TROUBLED frozen food retailer Iceland has issued another profits warning to the City - saying sales across the chain were continuing to fall.

The group said pre-tax profits for the 15-month period to the end of March would not exceed £40m before exceptional and goodwill costs.

In January, Iceland's chief executive, Bill Grimsey, said he expected profits for the period to come in below £62m.

Mr Grimsey said the chain was suffering from lower sales, higher costs, and lower margins. Cost savings from Iceland's merger with cash and carry group Booker would be half the level previously expected.

Like-for-like sales over the ten weeks to last Saturday were 3.2 per cent lower than over the same period last year.

Mr Grimsey said he now expected like-for-like sales to drop by 3.7 per cent over the 15 months, compared to his earlier forecast of a 2.5 per cent fall.

The drop in sales alone would wipe £2.7m from profits.

Iceland, which is due to report over a 15-month period because of changes to its accounting timetable, said operating profits for the full year to December 31, were £57m, compared to £77.4m the year before.

Mr Grimsey joined Iceland as chief executive in December, filling the vacancy created when Stuart Rose left to join retail group Arcadia.

A month after Mr Grimsey joined, chairman Malcolm Walker resigned in the wake of his decision to sell four million shares before Iceland released disappointing Christmas sales figures.

In January's profits warning, Iceland said it would go back on the previous management's strategy to increase its organic ranges.

Yesterday, Mr Grimsey said sales across Iceland's 760 stores had continued to fall because of increased competition from other supermarkets.

However, he promised an aggressive marketing campaign at Easter to steady sales.

He said a new management team, bolstered by the recruitment of two directors from his previous employer, the DIY chain Wickes, would unveil a new strategy in June to lead the business to recovery.

Mr Grimsey added: "Since we issued the statement in January we have had a closer look at the books with Ernst & Young and, regrettably, we have now had to say that profits will not exceed £40m.

"But these figures are historical. I am now concentrating on getting the right team around me in order to come back with a strong statement in June."

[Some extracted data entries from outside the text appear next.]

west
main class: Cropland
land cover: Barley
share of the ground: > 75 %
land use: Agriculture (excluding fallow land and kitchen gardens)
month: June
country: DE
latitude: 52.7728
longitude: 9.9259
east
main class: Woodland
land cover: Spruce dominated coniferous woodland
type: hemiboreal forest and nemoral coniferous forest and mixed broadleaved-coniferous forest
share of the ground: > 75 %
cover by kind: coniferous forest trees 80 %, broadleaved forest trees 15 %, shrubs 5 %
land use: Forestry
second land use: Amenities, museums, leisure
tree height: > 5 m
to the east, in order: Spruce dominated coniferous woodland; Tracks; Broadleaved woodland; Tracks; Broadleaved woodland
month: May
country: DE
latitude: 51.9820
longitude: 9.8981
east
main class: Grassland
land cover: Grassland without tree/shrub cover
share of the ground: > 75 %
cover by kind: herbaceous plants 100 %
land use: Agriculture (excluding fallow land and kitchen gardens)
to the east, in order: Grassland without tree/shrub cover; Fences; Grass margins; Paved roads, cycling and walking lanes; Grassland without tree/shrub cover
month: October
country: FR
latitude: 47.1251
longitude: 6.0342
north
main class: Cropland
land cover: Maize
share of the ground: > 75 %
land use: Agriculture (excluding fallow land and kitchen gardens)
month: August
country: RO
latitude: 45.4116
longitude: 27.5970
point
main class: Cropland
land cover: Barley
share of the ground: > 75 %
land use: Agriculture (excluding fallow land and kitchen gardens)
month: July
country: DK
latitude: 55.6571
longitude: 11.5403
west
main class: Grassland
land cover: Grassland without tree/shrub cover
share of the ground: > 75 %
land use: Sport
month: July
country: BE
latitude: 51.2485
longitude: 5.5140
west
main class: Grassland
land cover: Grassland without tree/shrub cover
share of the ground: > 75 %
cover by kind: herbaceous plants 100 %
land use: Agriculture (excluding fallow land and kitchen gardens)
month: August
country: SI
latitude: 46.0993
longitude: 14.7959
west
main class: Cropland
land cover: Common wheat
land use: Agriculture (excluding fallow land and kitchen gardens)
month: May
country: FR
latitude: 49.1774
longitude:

The new strategy is likely to focus on getting Iceland back to its roots, and building on the benefits of the merger with Booker, where sales have remained stable.

Iceland has decided to switch to figures for the 15 months to March 31 in an effort to put Iceland and Booker on the same financial calendar.

Figures issued yesterday for the second half of 2000, showed the enlarged group's turnover for the year rose to £3.9bn compared to £1.9bn, boosted by the inclusion of £1.9bn sales from Booker.

The group made a pre-tax loss of £24.6m, distorted by the impact of exceptional and goodwill costs in the second half which amounted to £48.9m.